* TASK REQUIREMENTS *
Using the data that follows, output only the lines from the line with "Set out next" up to and including the line with "Captured 2.2 seconds after image 1.", exactly, leaving pictures aside.

* PROVIDED RECORDS *
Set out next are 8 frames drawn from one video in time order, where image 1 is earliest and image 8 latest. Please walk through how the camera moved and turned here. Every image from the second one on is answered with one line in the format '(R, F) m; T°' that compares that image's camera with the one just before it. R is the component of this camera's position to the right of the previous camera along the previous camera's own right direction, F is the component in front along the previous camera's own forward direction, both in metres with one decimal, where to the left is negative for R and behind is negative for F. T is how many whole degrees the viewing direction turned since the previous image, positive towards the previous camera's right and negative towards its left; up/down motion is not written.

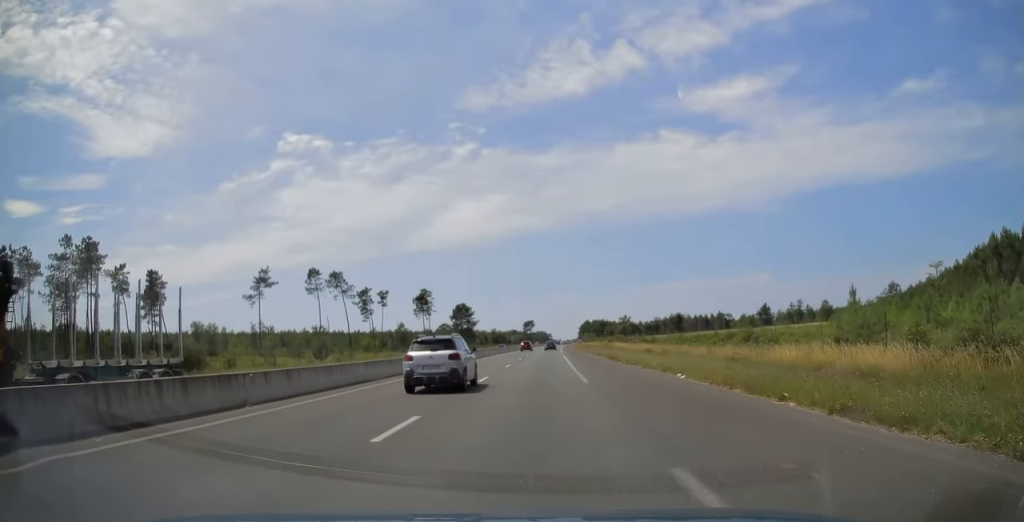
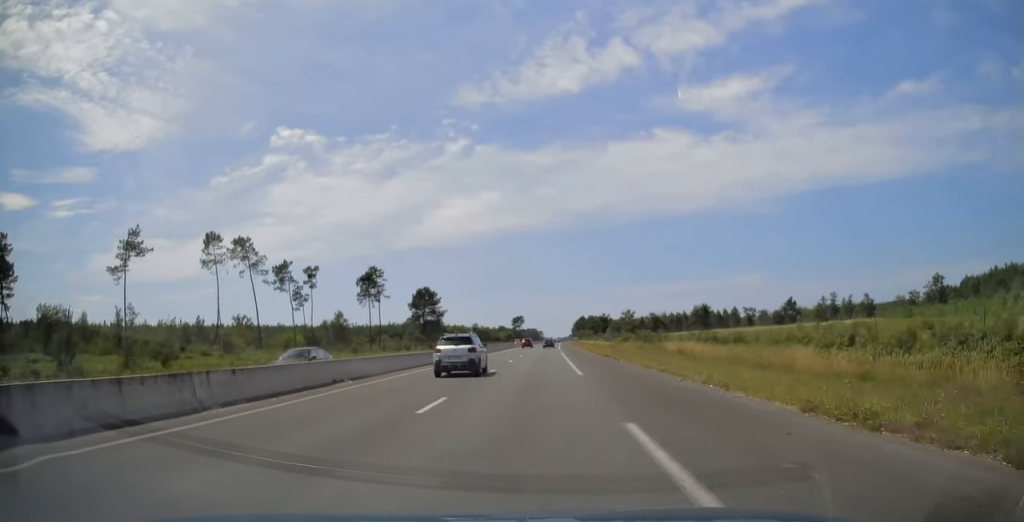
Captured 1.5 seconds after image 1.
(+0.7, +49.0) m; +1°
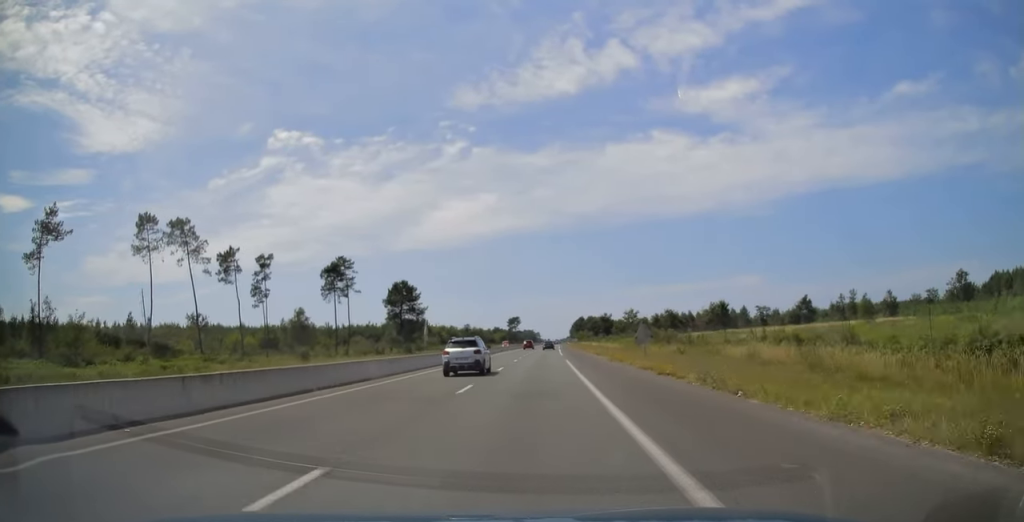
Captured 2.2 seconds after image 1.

* * *

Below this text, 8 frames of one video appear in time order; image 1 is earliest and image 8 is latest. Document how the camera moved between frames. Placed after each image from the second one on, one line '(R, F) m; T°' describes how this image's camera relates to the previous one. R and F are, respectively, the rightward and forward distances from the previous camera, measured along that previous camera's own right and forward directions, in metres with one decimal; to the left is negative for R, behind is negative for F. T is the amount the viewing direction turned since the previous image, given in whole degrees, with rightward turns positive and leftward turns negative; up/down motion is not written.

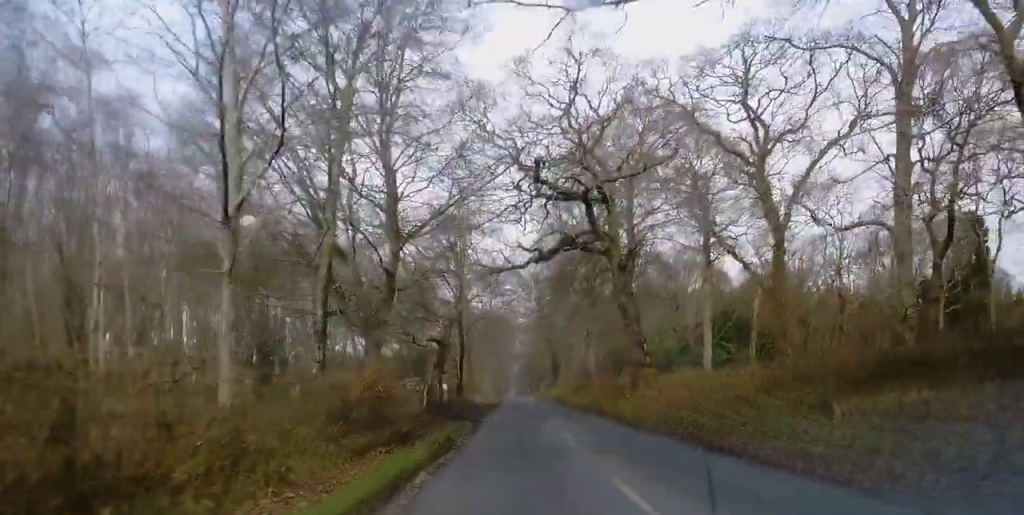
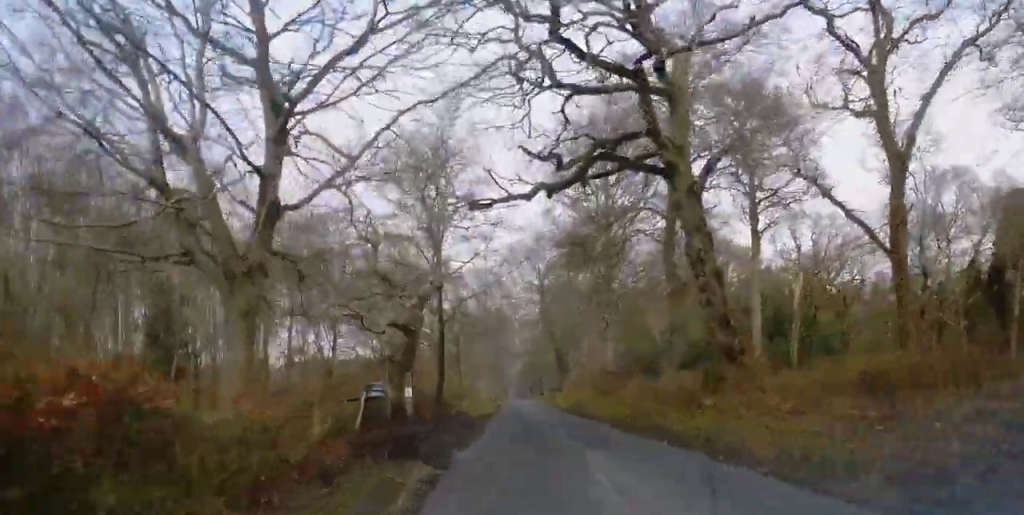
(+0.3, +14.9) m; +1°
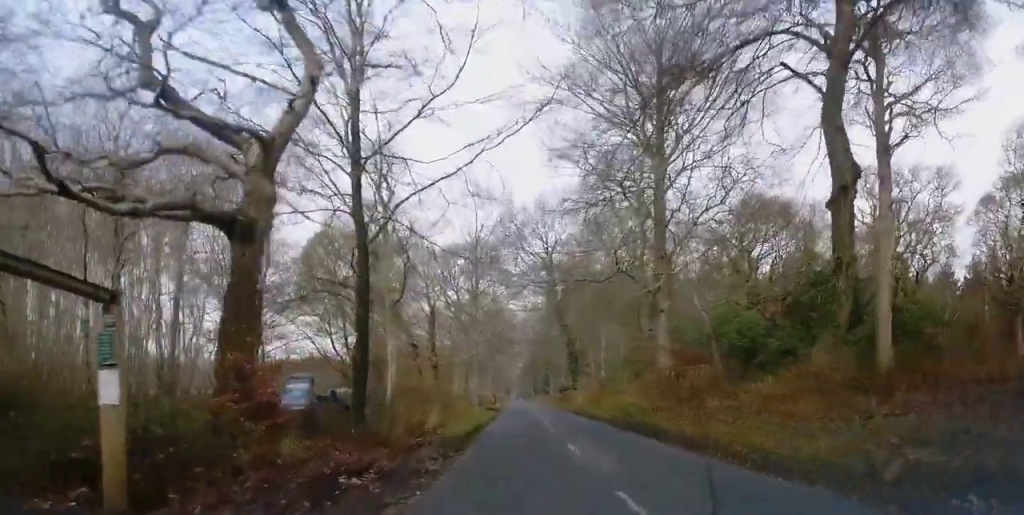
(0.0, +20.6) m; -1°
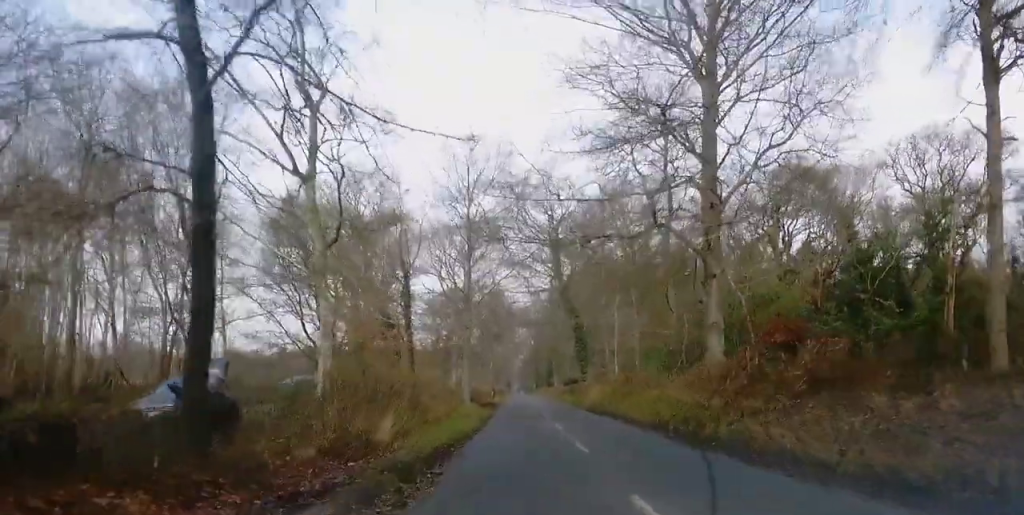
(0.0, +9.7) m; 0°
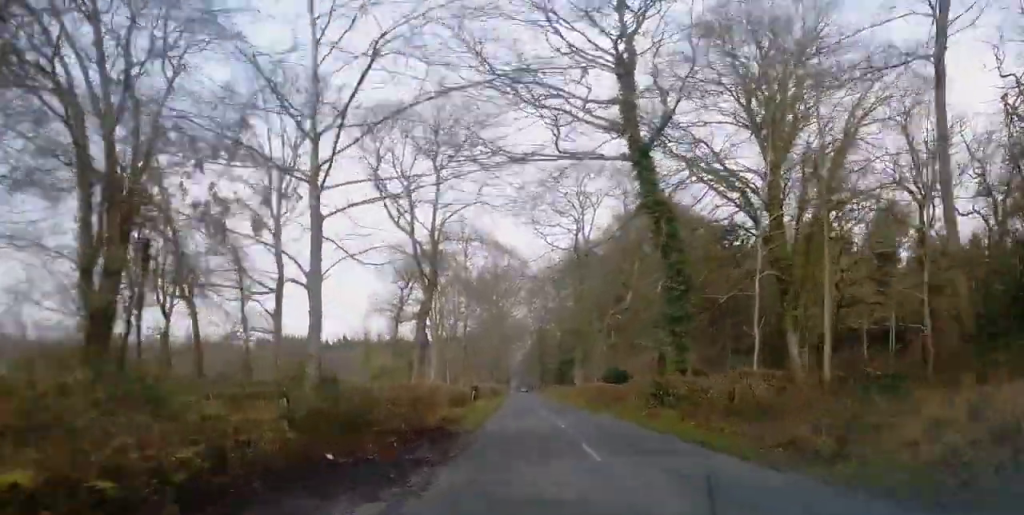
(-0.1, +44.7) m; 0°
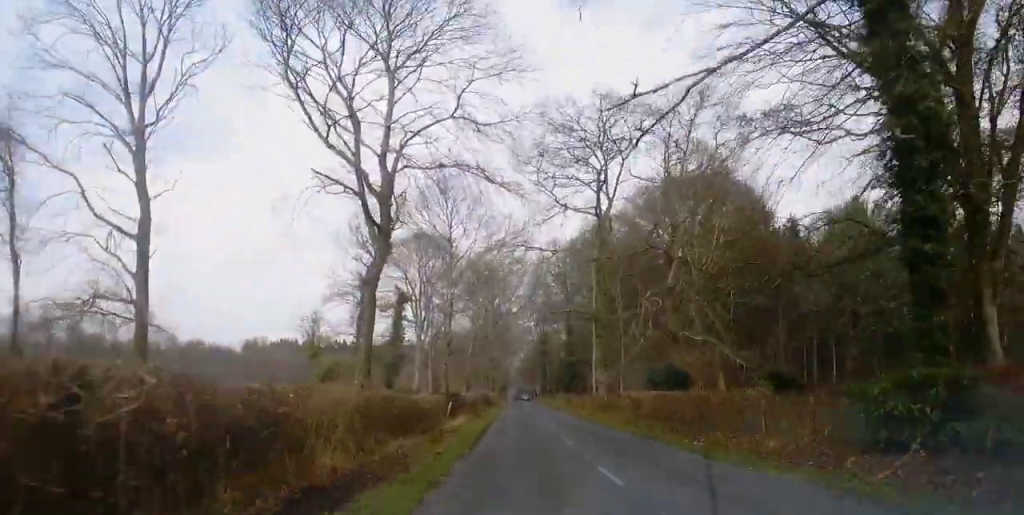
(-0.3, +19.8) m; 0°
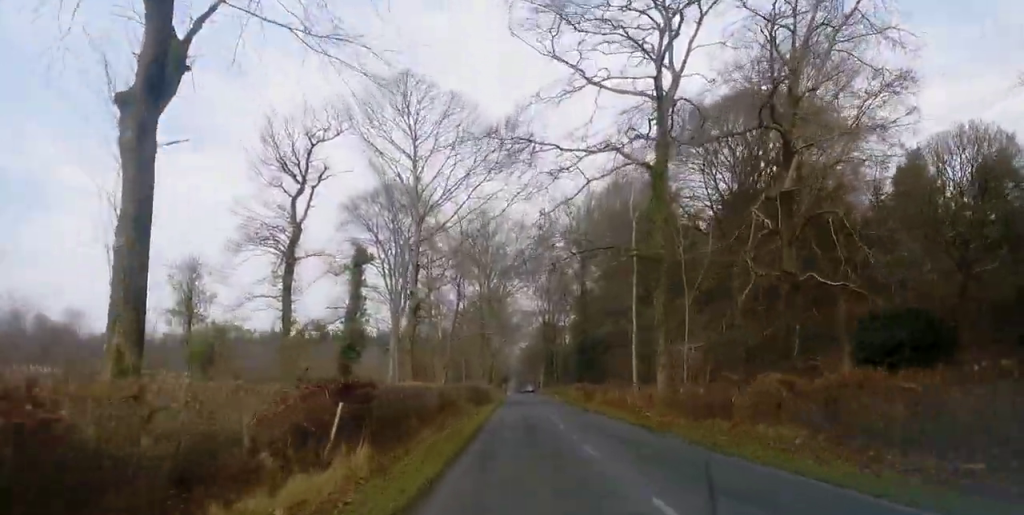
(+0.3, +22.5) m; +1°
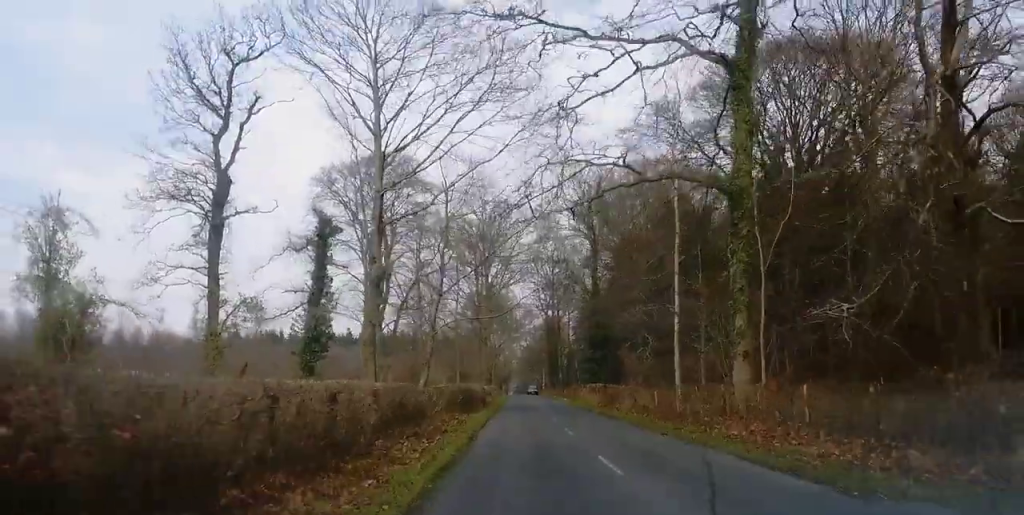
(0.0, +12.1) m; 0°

* ANSWER BOX *
Set out next are 8 frames drawn from one video in time order, where image 1 is earliest and image 8 latest. Please walk through how the camera moved and turned here. Every image from the second one on is answered with one line in the format '(R, F) m; T°' that compares that image's camera with the one just before it. R is the component of this camera's position to the right of the previous camera along the previous camera's own right direction, F is the component in front along the previous camera's own forward direction, both in metres with one decimal, where to the left is negative for R and behind is negative for F. T is how many whole degrees the viewing direction turned since the previous image, positive towards the previous camera's right and negative towards its left; up/down motion is not written.

Captured 1.5 seconds after image 1.
(+0.7, +49.0) m; +1°
Captured 2.2 seconds after image 1.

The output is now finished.